The most disappointing finding in this trial was the rate of disseminated recurrence (22.1% at 3 years). Because the primary tumor, involved lobe, and regional failure rates were all low and metastases appeared fairly soon after SBRT, it might be assumed that many of these patients harbored occult tumors at diagnosis that went undetected by initial CT and PET staging. Given that the regional failure rate in the hilum and mediastinum was quite low (only 2 patients), adding pre-SBRT hilar or mediastinal pathological staging, as is commonly done in operable patients, would not likely have altered the rate of disseminated recurrence. Instead, these results would imply that either better whole-body staging to identify patients with occult metastatic disease, or effective adjuvant therapies to eradicate such disease are necessary to improve the outcomes.

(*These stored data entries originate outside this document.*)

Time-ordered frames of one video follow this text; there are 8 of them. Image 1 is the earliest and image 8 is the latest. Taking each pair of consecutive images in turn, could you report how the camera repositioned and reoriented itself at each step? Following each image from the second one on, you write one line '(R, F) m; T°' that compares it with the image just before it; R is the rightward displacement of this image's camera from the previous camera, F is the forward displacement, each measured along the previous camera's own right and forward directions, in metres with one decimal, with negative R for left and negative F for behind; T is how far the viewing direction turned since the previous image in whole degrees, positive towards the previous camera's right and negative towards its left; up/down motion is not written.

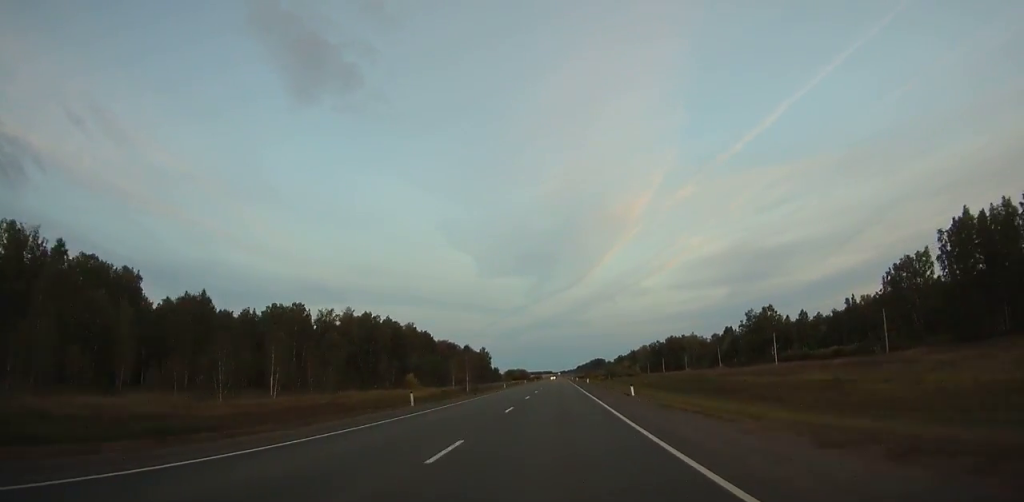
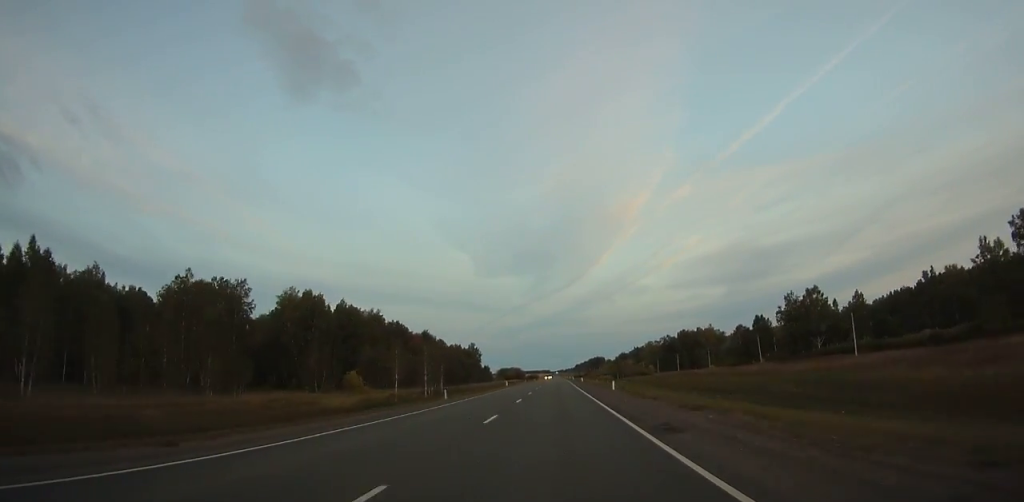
(0.0, +41.0) m; 0°
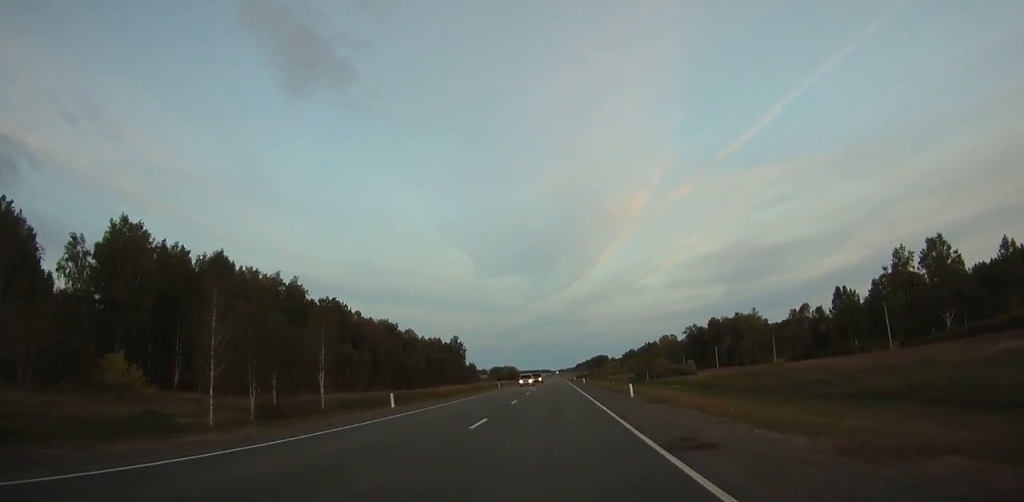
(0.0, +60.8) m; 0°
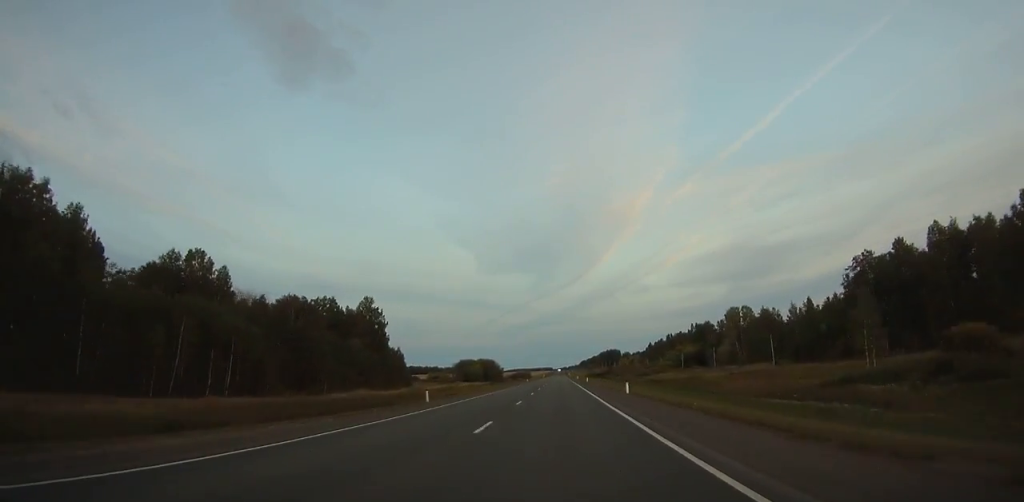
(0.0, +144.0) m; 0°
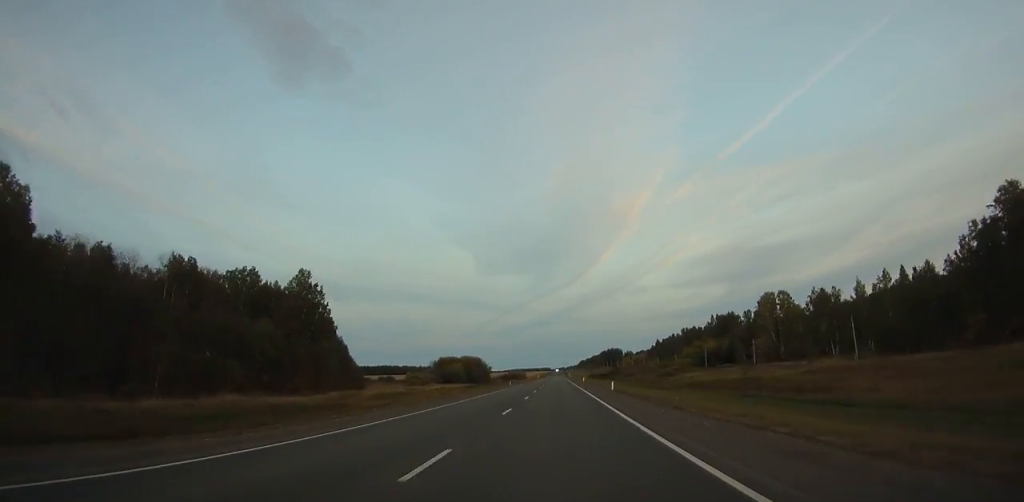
(-0.2, +40.6) m; 0°
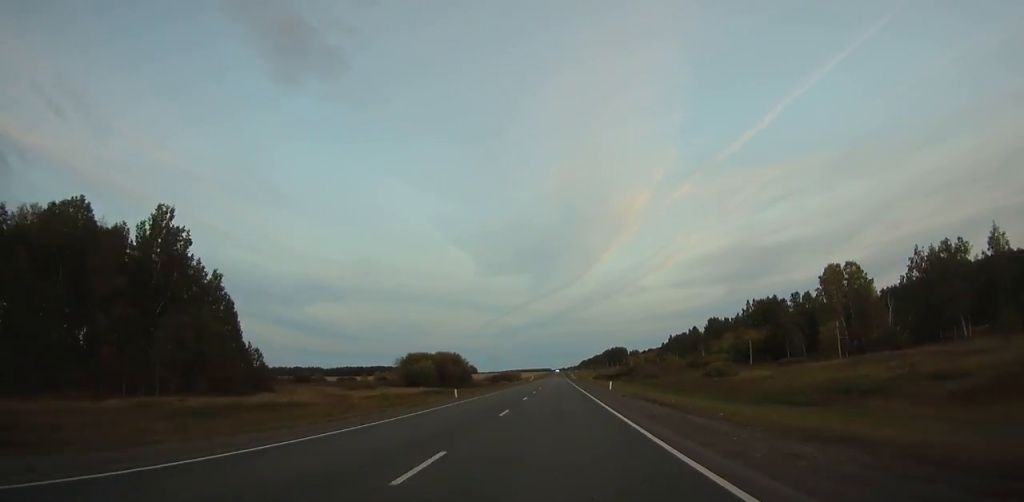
(0.0, +48.4) m; 0°
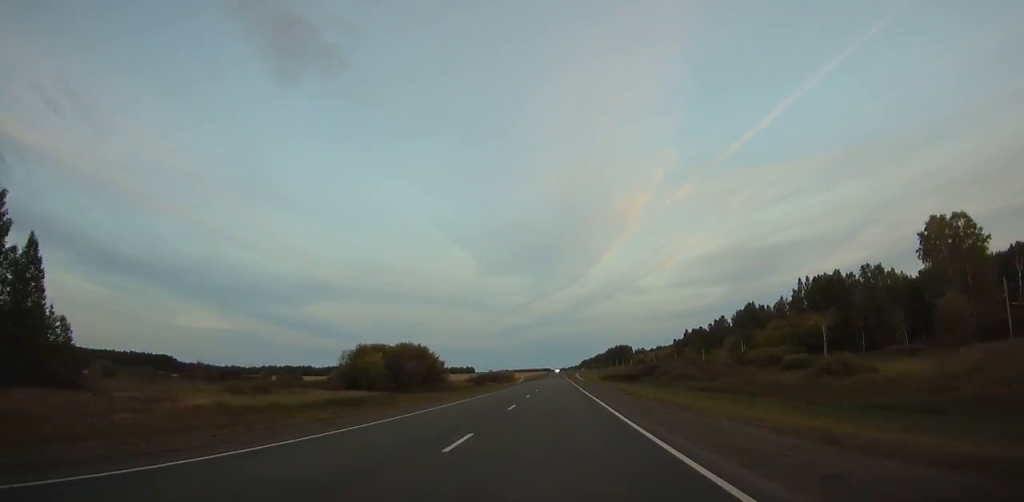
(+0.2, +43.6) m; 0°
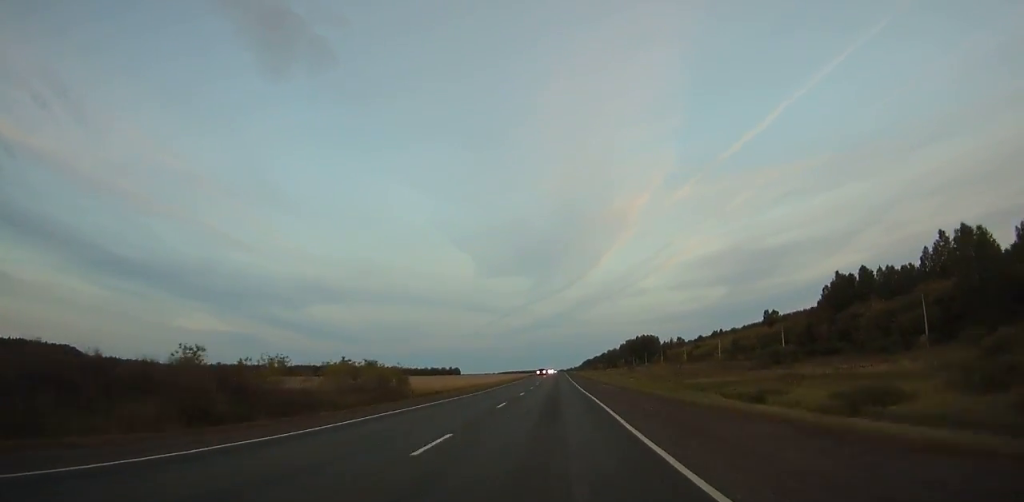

Because RTOG 0236 was the first North American cooperative group trial using SBRT, considerable effort was expended in developing the infrastructure to ensure consistent and high-quality treatment across all enrolling centers. The products of these interactions were the compliance criteria, the accreditation and credentialing criteria, the quality assurance assessment criteria and mechanisms, and the data collection and monitoring program all specific to SBRT.²⁰ This infrastructure greatly facilitated the high compliance observed for this protocol and will eventually allow evaluation of relationships between dosimetry, compliance, and adverse events with longer follow-up (more events) from completed trials.

The RTOG 0236 trial was limited largely by the patient population's ability to undergo invasive procedures. Even the initial biopsy required to confirm malignancy for eligibility was potentially threatening to this frail population. Importantly, the trial did not require and seldom used invasive pathological staging and histological confirmation of recurrence. Rather, noninvasive tests like CT and PET were used; both of which are associated with accuracy problems. Control was consistently evaluated by diagnostic CT scan, but PET was only used if the CT scan showed progressive changes. Collectively, these staging and evaluation methods make this experience difficult to compare with the results after surgical management of healthier patients in which both invasive staging and histological confirmation of recurrence is more common.

The RTOG 0236 trial demonstrated that technologically intensive treatments like SBRT can be performed in a cooperative group so long as the proper infrastructure and support are put in place. The RTOG will be building on RTOG 0236 to (1) design a trial to address the rather high rate of disseminated failure observed after treatment, (2) complete a trial to determine a safe and effective dose for central lung tumors (RTOG 0813), and (3) complete a trial to refine the dose of SBRT for peripheral tumors (RTOG 0915).